Autor zdjęcia: Sławo Kędzierski

Mieszkańcy wsi Jeziorko i Tros protestują przeciwko budowie sześciu dużych kurników w pobliżu ich miejscowości. Twierdzą, że ich działalność zniszczy środowisko i turystykę. Inwestorzy uspokajają, że takiej obawy nie ma.
Akcja protestacyjna ruszyła dzień po tym, jak inwestor Arkadiusz Górny złożył dokumentację w Urzędzie Miasta i Gminy Ryn, by uzyskać decyzję środowiskową dla przyszłej inwestycji. Protest polega na razie na zbieraniu podpisów poparcia pod specjalnie opracowaną petycją.

Dokument ten wraz z podpisami ma trafić do Urzędu Gminy, Regionalnej Dyrekcji Ochrony Środowiska w Olsztynie, Państwowego Gospodarstwa Wód Wody Polskie i Sanepidu. Instytucje te mają wypowiedzieć się w sprawie przedstawionego im przez inwestora raportu oddziaływania na środowisko. Ich pozytywne opinie będą furtką do budowy fermy.

Inwestycja, która tak burzy spokój części mieszkańców, to budowa sześciu kurników w miejscowości Tros (gmina Ryn). Ich możliwości produkcyjne to 330 tysięcy sztuk w jednym cyklu.

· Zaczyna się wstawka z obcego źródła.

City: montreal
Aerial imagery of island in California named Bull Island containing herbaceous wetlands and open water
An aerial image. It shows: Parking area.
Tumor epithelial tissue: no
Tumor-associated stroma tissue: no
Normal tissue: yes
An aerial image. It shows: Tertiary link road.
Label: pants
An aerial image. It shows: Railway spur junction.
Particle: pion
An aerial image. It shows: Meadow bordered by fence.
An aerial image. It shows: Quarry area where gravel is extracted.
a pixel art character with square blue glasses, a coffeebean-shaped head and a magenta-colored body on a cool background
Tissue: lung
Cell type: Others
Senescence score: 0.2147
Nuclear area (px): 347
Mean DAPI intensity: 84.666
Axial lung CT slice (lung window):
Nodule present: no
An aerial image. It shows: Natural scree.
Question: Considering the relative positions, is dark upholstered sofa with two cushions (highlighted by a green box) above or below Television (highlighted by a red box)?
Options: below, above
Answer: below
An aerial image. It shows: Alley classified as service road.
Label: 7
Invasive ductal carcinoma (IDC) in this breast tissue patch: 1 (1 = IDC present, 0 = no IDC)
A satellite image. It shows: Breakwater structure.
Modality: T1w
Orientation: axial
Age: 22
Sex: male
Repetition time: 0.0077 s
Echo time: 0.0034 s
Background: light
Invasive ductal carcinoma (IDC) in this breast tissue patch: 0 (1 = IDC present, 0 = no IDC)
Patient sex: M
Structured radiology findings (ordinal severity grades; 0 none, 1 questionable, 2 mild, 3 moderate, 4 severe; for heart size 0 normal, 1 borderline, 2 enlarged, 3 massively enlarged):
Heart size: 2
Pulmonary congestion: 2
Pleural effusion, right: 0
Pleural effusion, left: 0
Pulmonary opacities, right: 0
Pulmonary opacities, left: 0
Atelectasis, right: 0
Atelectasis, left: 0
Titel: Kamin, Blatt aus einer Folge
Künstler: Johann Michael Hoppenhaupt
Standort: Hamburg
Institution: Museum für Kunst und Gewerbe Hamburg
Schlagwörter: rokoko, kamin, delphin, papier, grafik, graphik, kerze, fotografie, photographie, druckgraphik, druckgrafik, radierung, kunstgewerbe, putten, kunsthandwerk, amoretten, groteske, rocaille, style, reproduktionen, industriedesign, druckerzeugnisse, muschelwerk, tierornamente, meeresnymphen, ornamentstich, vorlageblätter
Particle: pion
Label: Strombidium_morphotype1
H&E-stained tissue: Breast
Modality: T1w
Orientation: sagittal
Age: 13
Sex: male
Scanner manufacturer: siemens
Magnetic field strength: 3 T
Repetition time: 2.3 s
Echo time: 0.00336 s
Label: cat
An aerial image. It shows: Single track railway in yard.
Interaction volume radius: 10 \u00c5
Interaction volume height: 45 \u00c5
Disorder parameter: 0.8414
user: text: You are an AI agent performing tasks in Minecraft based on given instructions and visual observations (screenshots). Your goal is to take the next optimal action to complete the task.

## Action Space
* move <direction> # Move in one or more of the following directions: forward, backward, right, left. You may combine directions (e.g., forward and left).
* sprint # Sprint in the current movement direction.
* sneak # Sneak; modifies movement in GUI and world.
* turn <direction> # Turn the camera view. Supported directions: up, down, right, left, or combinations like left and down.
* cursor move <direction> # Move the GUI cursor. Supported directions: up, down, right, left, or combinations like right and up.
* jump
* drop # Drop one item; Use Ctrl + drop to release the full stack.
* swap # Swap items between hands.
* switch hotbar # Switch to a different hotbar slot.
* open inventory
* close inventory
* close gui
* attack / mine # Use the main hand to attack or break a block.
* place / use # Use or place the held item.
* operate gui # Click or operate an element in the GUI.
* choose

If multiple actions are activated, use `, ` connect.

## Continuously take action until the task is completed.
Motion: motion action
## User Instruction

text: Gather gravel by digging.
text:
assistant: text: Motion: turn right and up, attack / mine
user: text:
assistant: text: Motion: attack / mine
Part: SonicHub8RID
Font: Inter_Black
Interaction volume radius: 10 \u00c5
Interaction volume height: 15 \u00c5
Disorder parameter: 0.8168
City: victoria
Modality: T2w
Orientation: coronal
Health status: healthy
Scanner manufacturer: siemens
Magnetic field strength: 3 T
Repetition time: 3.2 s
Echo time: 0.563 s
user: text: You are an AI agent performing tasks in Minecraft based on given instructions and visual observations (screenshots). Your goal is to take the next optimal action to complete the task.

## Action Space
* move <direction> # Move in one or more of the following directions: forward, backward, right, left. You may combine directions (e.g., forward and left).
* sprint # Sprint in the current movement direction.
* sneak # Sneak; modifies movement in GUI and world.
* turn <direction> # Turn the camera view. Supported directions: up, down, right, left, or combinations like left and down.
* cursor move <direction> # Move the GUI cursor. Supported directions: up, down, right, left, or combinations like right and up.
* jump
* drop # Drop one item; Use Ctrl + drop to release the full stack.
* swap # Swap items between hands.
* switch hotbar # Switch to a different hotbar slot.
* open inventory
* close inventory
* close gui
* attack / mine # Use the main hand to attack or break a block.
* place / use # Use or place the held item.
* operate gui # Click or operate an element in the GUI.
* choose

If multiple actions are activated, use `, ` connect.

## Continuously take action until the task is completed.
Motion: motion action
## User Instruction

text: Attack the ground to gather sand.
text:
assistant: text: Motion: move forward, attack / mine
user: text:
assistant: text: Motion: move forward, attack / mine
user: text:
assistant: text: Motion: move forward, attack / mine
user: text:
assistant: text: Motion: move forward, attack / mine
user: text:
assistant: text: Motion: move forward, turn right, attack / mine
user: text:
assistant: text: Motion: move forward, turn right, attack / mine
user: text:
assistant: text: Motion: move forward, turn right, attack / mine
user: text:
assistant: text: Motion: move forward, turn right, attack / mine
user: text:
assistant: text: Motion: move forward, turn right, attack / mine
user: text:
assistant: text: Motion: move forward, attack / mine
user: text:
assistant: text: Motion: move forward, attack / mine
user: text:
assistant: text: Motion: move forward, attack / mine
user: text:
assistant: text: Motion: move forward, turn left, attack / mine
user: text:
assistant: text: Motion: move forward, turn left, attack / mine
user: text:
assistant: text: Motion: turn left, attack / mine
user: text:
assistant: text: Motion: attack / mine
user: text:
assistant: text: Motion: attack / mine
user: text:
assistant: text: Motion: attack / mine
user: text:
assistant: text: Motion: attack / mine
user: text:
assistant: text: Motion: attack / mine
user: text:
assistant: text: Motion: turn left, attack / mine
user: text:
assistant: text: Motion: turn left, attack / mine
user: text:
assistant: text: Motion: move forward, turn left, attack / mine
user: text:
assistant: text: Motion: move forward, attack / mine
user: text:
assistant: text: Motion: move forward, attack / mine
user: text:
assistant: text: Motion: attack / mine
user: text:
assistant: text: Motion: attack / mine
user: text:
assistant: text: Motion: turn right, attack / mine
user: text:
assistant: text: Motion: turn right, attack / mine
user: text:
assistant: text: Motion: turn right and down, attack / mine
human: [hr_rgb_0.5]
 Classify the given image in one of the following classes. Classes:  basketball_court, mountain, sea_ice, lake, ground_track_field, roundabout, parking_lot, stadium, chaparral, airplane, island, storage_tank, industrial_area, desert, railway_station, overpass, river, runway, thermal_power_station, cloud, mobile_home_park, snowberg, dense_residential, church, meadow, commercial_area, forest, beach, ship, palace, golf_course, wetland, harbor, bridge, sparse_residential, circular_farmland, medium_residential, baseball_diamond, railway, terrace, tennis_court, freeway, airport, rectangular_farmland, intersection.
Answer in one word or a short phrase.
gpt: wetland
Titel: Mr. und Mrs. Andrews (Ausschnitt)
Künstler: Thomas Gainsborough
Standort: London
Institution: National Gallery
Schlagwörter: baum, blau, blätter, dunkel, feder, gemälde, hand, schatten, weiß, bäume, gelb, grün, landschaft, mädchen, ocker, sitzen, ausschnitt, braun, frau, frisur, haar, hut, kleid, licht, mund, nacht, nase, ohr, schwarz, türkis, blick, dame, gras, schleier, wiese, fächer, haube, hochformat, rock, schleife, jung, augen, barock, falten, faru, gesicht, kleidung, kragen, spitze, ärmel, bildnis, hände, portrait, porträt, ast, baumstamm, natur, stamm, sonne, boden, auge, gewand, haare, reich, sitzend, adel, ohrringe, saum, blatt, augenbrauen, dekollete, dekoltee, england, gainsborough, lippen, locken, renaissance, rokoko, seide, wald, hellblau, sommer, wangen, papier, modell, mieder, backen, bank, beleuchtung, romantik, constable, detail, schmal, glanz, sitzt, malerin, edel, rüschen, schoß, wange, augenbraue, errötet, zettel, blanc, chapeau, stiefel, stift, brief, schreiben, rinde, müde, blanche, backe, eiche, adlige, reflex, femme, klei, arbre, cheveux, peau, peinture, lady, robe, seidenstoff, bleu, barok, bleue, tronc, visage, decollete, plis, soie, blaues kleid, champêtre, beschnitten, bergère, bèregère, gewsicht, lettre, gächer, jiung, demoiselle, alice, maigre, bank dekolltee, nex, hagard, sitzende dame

W petycji protestujących czytamy m.in.:
„Budowa fermy drobiu niepokoi nie tylko mieszkańców wsi Tros, ale wszystkich mieszkańców gminy, a także gości odwiedzających nas w sezonie turystycznym. Sąsiedztwo kurników nie jest pożądanym elementem krajobrazu, wpłynie również niekorzystnie na ceny działek rekreacyjnych czy budowlanych. Nie można pominąć faktu, że w okolicy jest i tak duże zagęszczenie ferm drobiu, kurniki zlokalizowane są w: Sterławkach Średnich, Głąbowie, Sterławkach Wielkich (dwie fermy) Orle i Bachorzy (ok. 500 metrów od planowanej inwestycji). Tego typu inwestycje, pomijając już uciążliwość sąsiedztwa, wzmożony ruch, uciążliwe zapachy, trwale i szkodliwe oddziałują na środowisko, zanieczyszczają glebę i wody gruntowe, emitują znaczące ilości azotu, amoniaku i dwutlenku węgla.”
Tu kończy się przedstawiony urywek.